In other words, Hartford's motion for partial summary judgment does not seek to have the Court resolve any case or controversy presently before the Court, but instead asks the Court to explain the legal rules by which the factual issues which confront the parties may later be resolved. Troy Belting is correct to argue that summary judgment cannot be granted on this basis. Hartford essentially seeks an advisory opinion in which the Court determines for the parties what the law is so that the parties can then apply that law to the relevant facts.[3] The Court cannot make such a ruling, since "the federal courts established pursuant to Article III of the Constitution do not render advisory opinions." United Public Workers v. Mitchell, 330 U.S. 75, 89 (1947). In this case, Hartford seeks a declaratory judgment, a situation which requires a "real question of conflicting interests.'" Berni v. International Gourmet Restaurants, Inc., 838 F.2d 642, 649 (2d Cir. 1988). While there would seem to be conflicting interests in this case over the date of injury and the apportionment of liability, "[f]or a declaratory judgment to issue, there must be a dispute which calls, not for an advisory opinion upon a hypothetical basis, but for an adjudication of present right upon established facts.'" Ashcroft v. Mattis, 431 U.S. 171, 172 (1977) (quoting Aetna Life Ins. Co. v. Haworth, 300 U.S. 227, 242 (1937)). Though insurance cases sometimes permit a court to issue an opinion about coverage based on contingencies which have not yet come to pass, courts in such situations are still required to "focus on the practical likelihood that the contingencies will occur[.]'" Associated Indem. Corp. v. Fairchild Industries, Inc., 961 F.2d 32, 35 (2d Cir. 1992) (quoting 10A C. Wright, A Miller & M. Kane, FEDERAL PRACTICE AND PROCEDURE, § 2757, at 587).

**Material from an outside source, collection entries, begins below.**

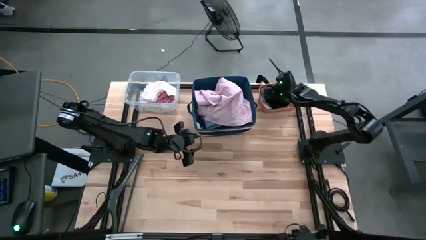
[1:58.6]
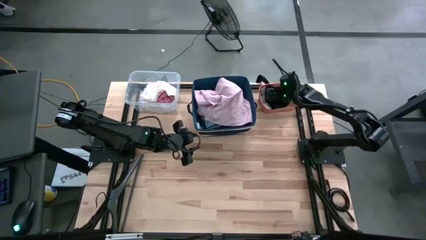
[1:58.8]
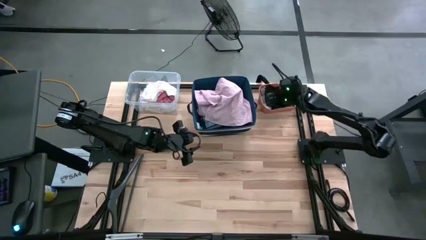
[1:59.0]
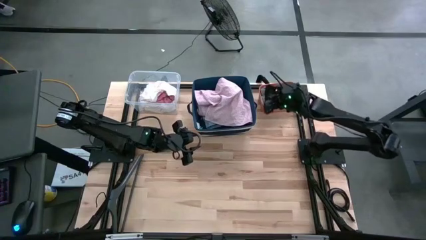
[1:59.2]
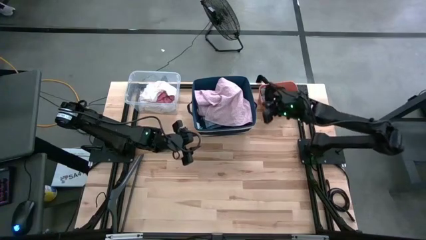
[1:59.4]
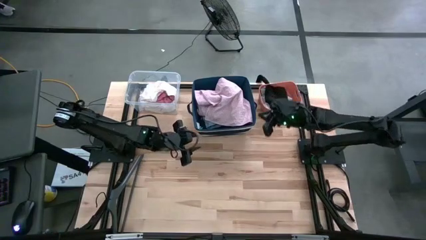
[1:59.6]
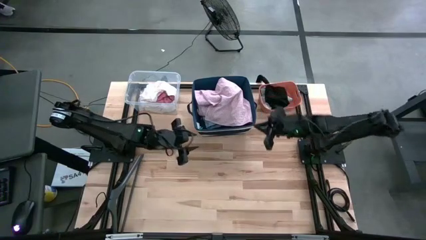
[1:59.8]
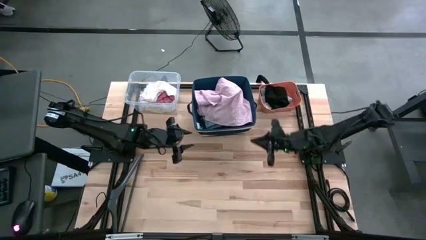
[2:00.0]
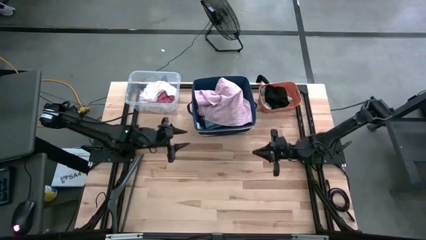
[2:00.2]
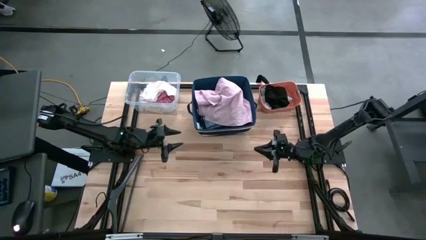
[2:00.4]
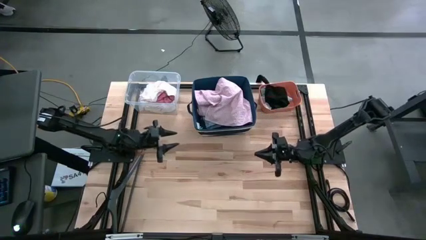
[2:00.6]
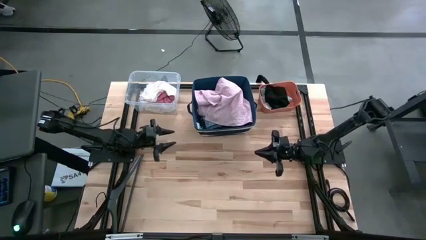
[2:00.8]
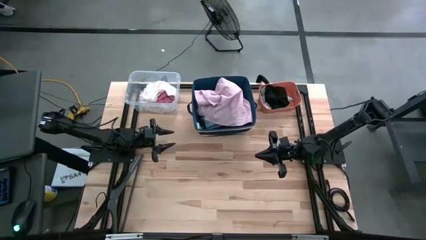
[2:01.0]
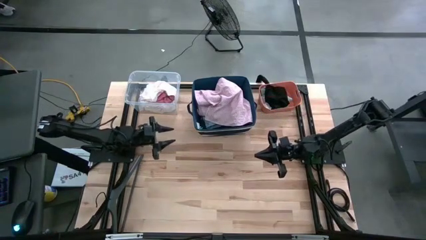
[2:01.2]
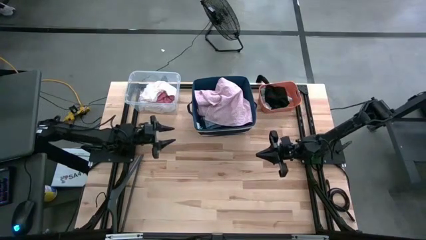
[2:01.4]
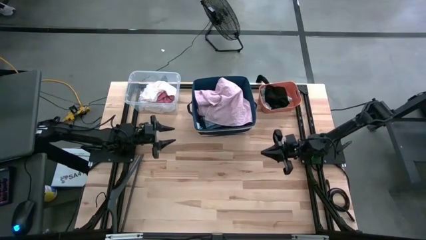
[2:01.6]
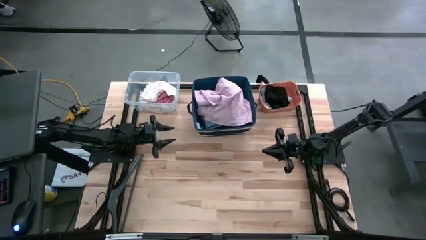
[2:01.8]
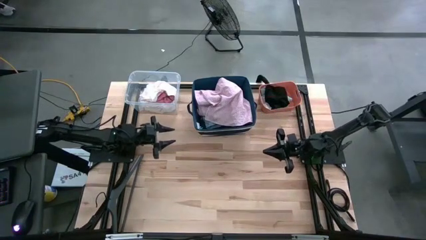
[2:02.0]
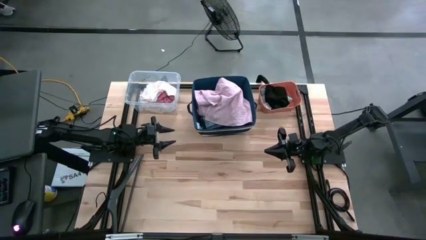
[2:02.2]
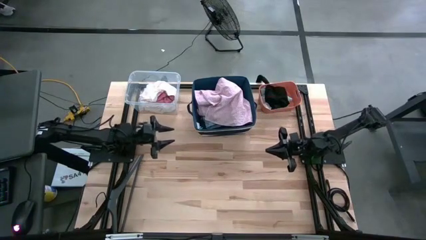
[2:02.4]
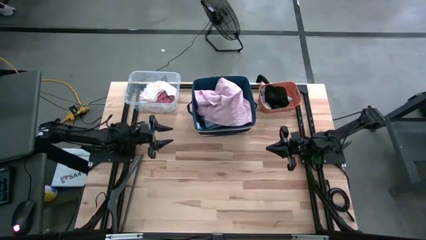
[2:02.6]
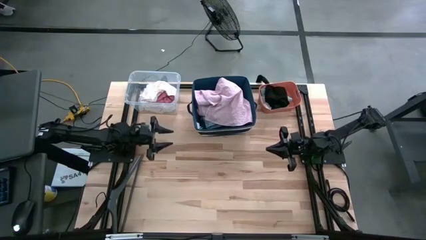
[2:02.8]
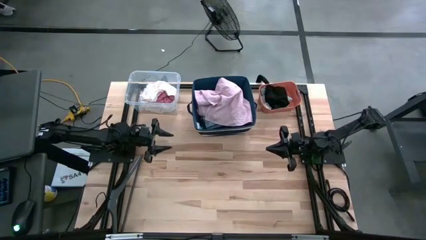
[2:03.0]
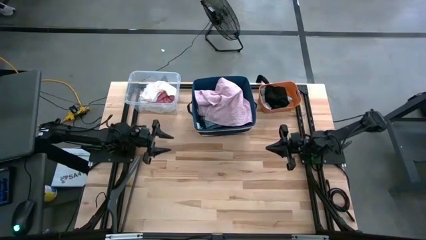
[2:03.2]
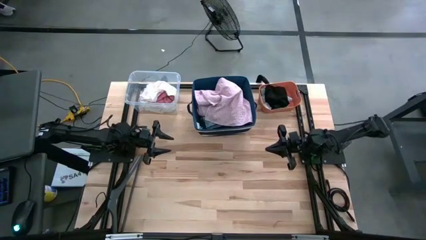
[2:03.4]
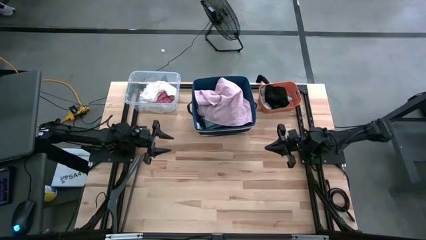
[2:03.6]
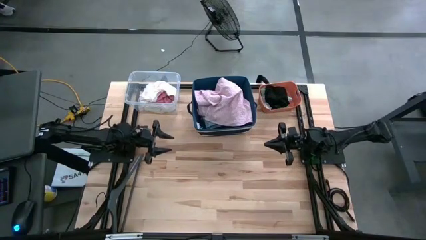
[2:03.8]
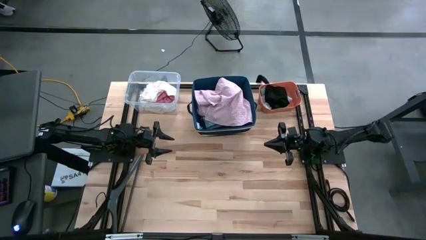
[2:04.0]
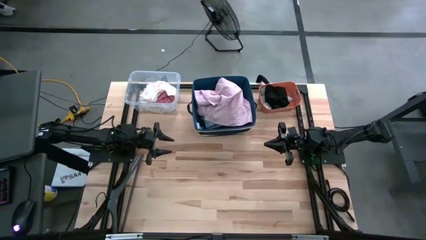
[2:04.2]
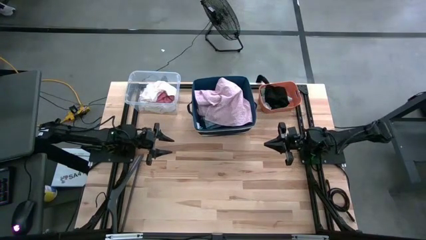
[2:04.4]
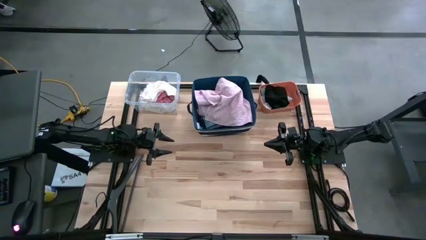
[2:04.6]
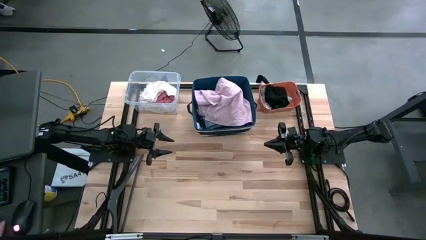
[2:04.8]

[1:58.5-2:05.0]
Task: Pick & Place Cloths
Return to Home Position

Here, Hartford admittedly seeks to have the Court resolve a legal issue on a purely hypothetical basis, and does not rely on any contingencies which are likely to occur as a basis for asserting the Court's right to offer an opinion.[4] Instead, Hartford simply seeks to have the Court issue hypothetical guidance on the law that the parties should apply to the facts they later discover. Hartford's motion is for "partial" summary judgment, but not because the motion seeks judgment only on some of the claims in the case. Instead, the motion is "partial" because Hartford admits that the facts necessary to determine how to apply the legal standards applicable to this case have not yet been collected. Hartford therefore seeks an advisory opinion from the Court that the Court is not permitted to provide. Such advisory opinions are not within the province of the federal courts, and the Court must decline to offer one. Hartford's motion will be denied. The motion will be denied without prejudice, however, to the any of the parties raising such a motion based on particular facts of particular cases.[5]


For the reasons stated above, Defendant Hartford's motion for partial summary judgment, dkt. # 169, is hereby DENIED.